Now that our barebones tool is finished, we can try it out. Running the info command should give you something like this, depending on what your speakers are named:

$ ./target/debug/sonos_tool info
Room: LivingRoom
Volume: 21
----------
Room: Bookshelf
Volume: 23
----------
Room: Kitchen
Volume: 22
----------
Room: Bedroom
Volume: 23
----------

Testing the pause and play functions will be a little different because you’ll need to actually turn on your speakers to test that it works but can be executed similarly $ ./target/debug/sonos_tool play Bedroom.

Missing features

This was put together relatively quickly so there’s a lot left that we can add. Looking in the Speaker implementation there are a ton of other features to be added that we can play around with.

Better Error handling

All of our functions are using .expect() right now. What this means is that when we give them a room that can’t be found, the tool will panic and stop.

$ ./target/debug/sonos_tool play asdf
thread 'main' panicked at 'room exists', src/main.rs:152:19
note: run with `RUST_BACKTRACE=1` environment variable to display a backtrace

It would be much better if we removed this and handled the error gracefully.

Missing functionality

There are still a lot of functions that we need to set up, we should be able to set the volume, stop, change our equalization, bass, treble etc. All of these should be relatively trivial to implement but would make this tool much more useful.
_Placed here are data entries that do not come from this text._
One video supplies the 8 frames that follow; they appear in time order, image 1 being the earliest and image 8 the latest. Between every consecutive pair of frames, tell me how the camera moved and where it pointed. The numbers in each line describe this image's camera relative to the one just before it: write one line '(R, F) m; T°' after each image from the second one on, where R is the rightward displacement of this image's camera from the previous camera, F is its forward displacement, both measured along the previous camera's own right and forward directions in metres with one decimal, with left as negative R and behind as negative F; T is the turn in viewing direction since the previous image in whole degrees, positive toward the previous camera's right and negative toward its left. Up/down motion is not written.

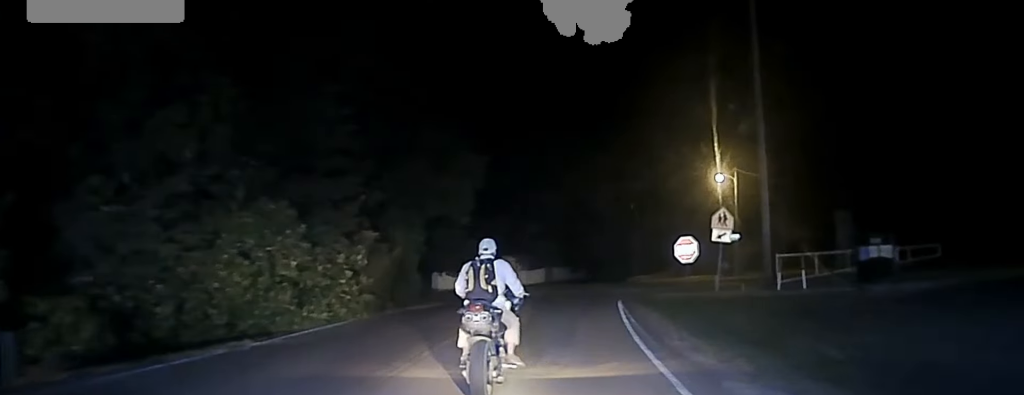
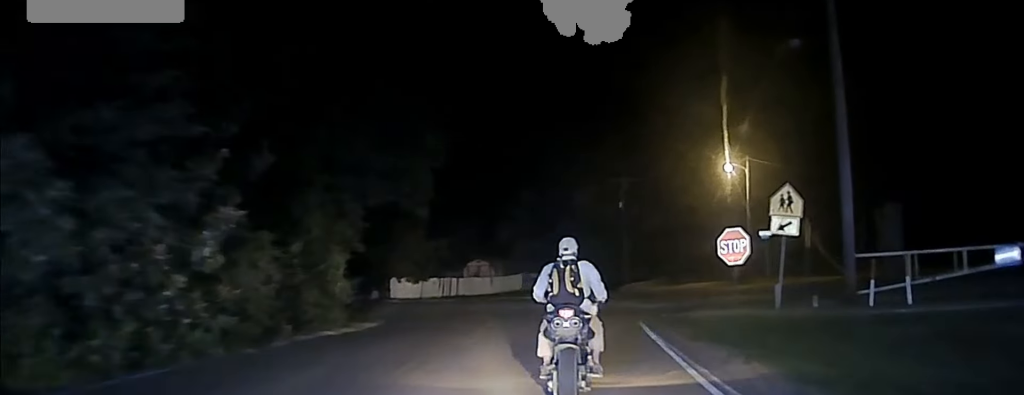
(+0.5, +11.0) m; +1°
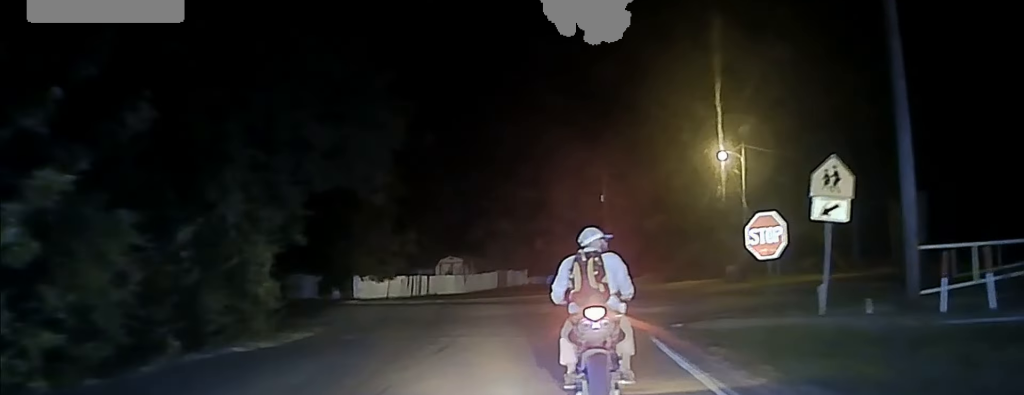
(-0.1, +4.8) m; -2°
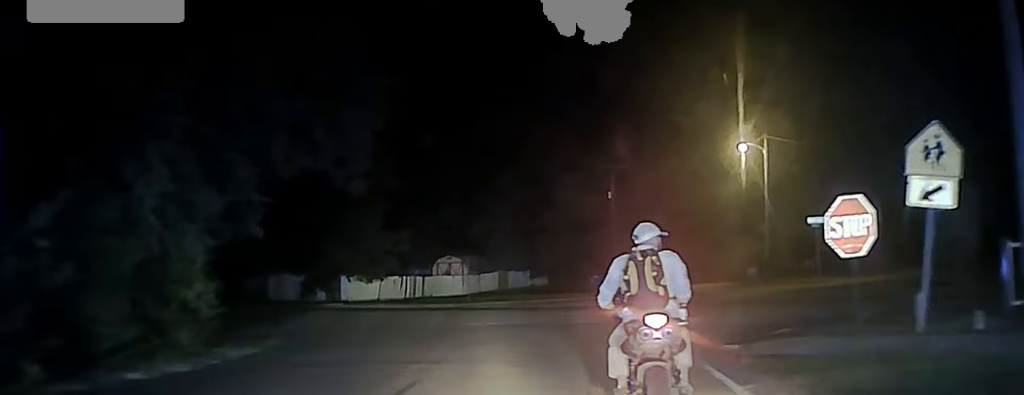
(-0.2, +4.7) m; -3°
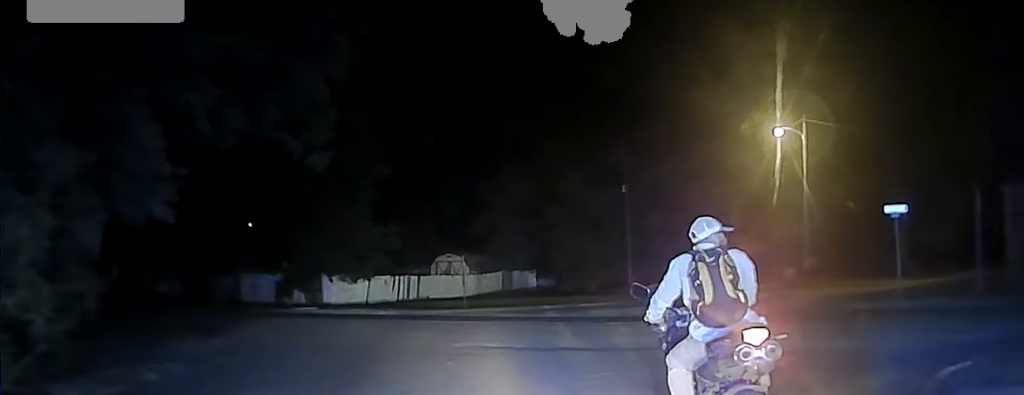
(0.0, +6.0) m; +3°
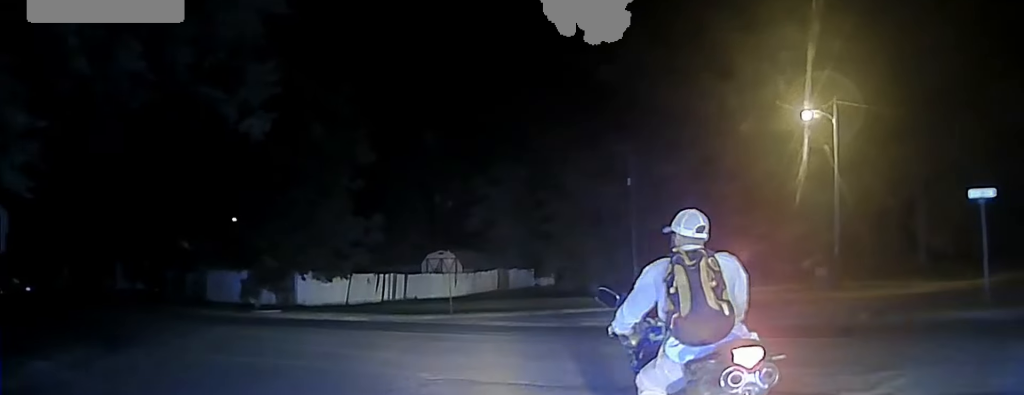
(+0.2, +4.6) m; +2°
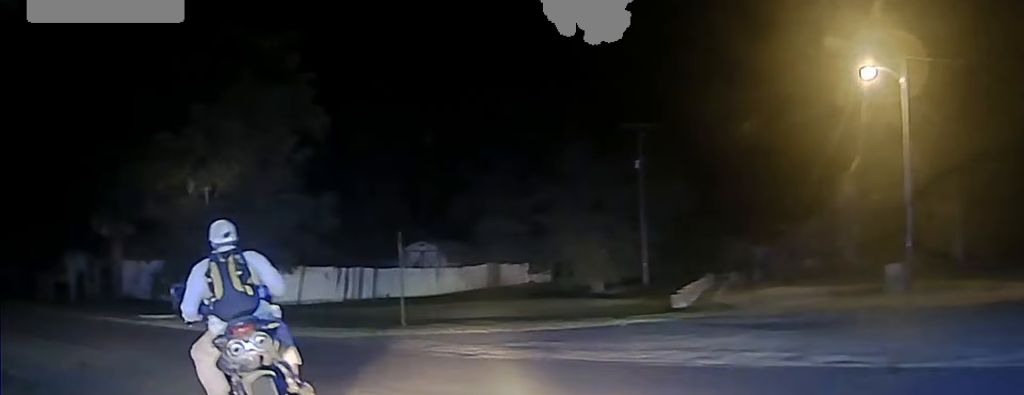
(-0.8, +8.9) m; -20°
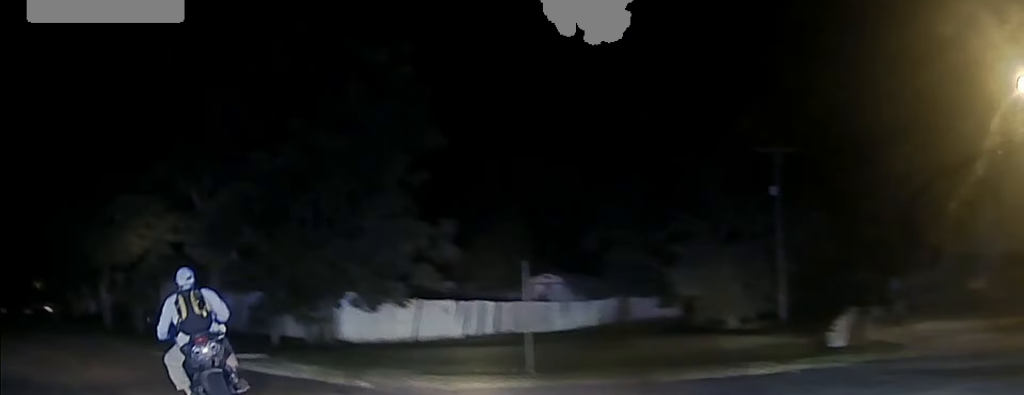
(-0.3, +3.7) m; -14°
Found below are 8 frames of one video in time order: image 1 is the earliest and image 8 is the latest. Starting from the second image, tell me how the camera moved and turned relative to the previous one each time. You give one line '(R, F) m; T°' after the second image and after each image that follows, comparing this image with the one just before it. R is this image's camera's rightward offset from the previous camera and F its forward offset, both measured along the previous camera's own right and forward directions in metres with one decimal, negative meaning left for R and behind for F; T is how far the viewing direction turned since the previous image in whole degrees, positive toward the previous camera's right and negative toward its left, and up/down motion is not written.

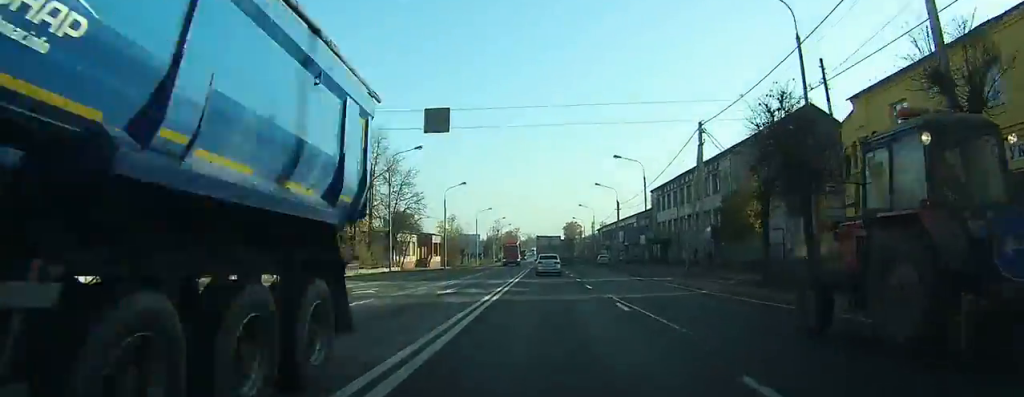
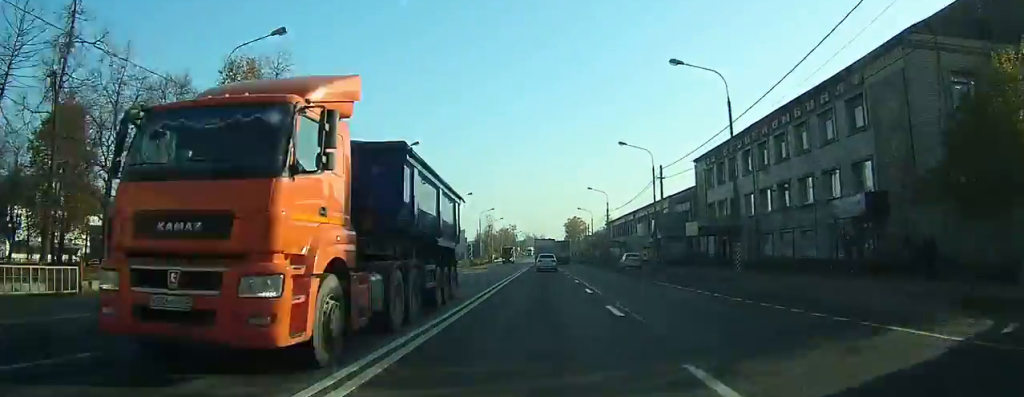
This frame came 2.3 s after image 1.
(-0.1, +27.0) m; 0°
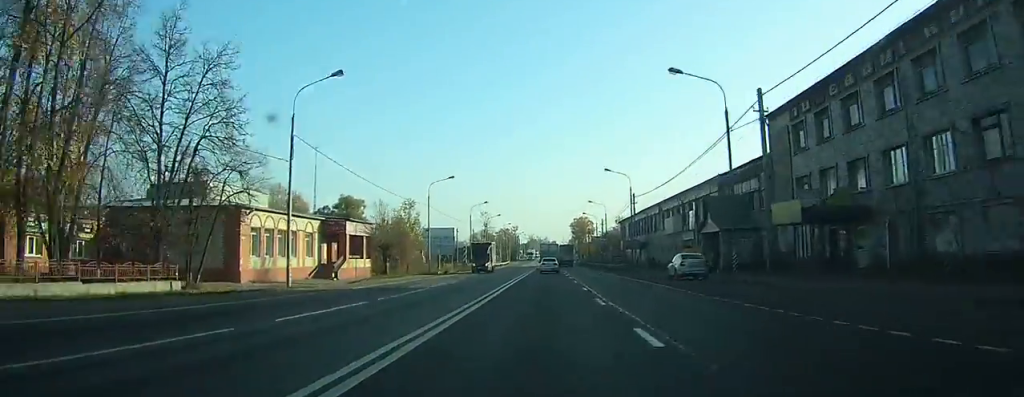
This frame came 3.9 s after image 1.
(-0.1, +20.0) m; 0°
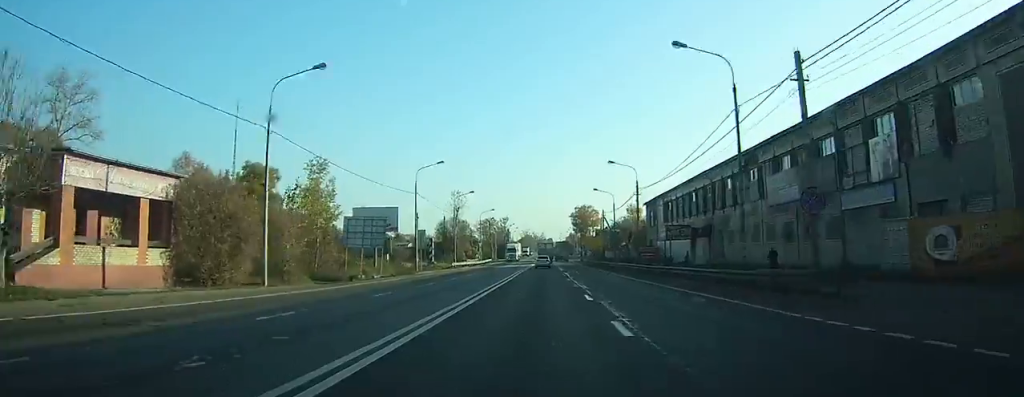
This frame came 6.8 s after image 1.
(+0.4, +37.9) m; +1°
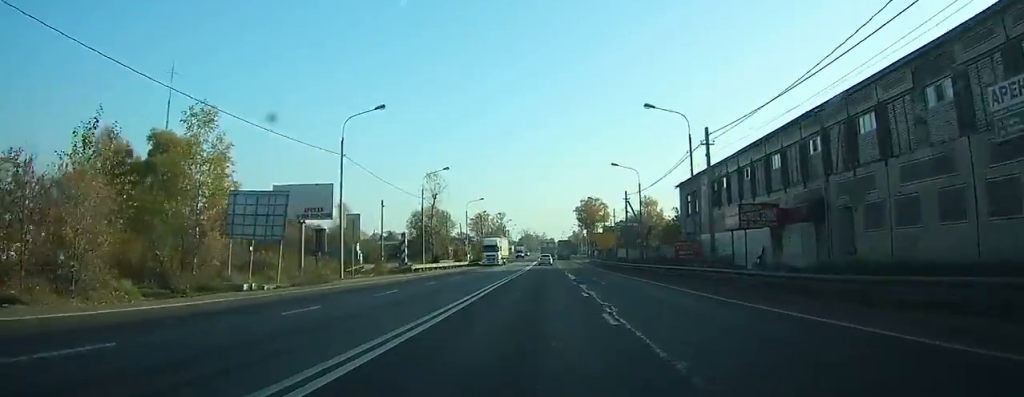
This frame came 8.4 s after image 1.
(+0.1, +22.3) m; 0°
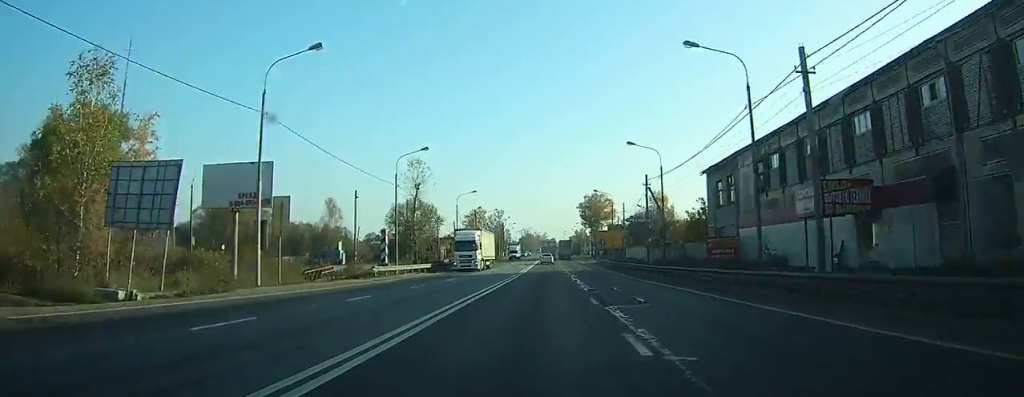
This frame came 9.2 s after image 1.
(-0.1, +11.6) m; 0°
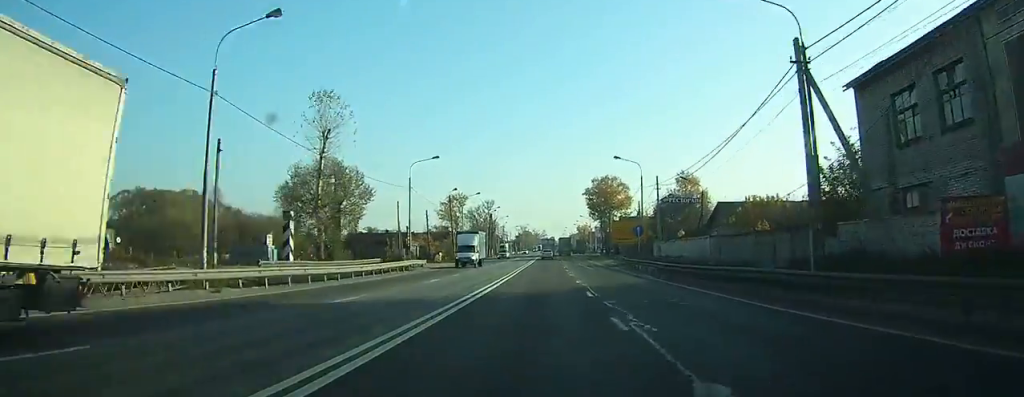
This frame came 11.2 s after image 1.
(-0.1, +29.4) m; 0°
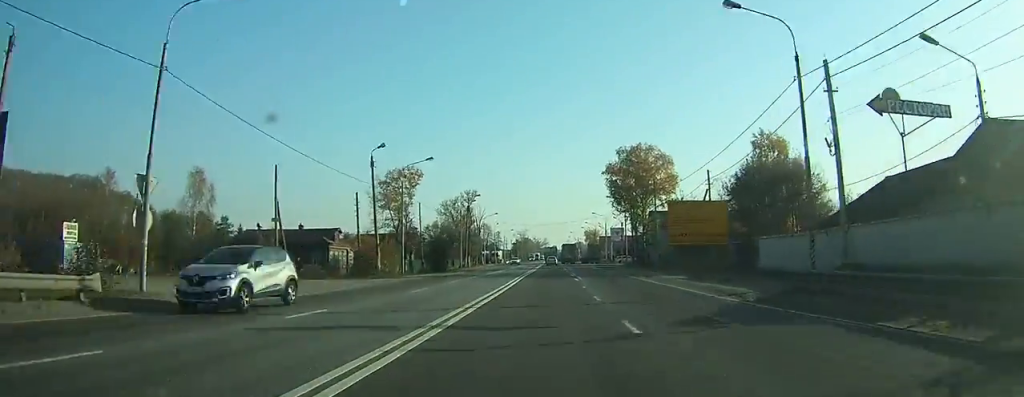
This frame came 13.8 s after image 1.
(+0.1, +39.6) m; 0°

Integrate with your music services

Right now we can manipulate the speakers themselves but we don’t have a way of getting them to play specific songs or podcasts. We’d need to do that from the app.

Tests

The tool might be small right now, but adding anything else might start making it harder to maintain, adding some tests will help us make sure that all of our features keep working as we add to it.

Concluding Thoughts

Rust has a reputation for having a steep learning curve, but I hope that this post made it seem at least a little more approachable. Though my experience with the language as of writing this is fairly limited, I found this relatively simple to put together, and I hope that you will too. Async features were no more difficult to use than other normal functions. Structop really made making a Cli tool much simpler as well, giving us a simple way to set up a command line tool and expand it as needed.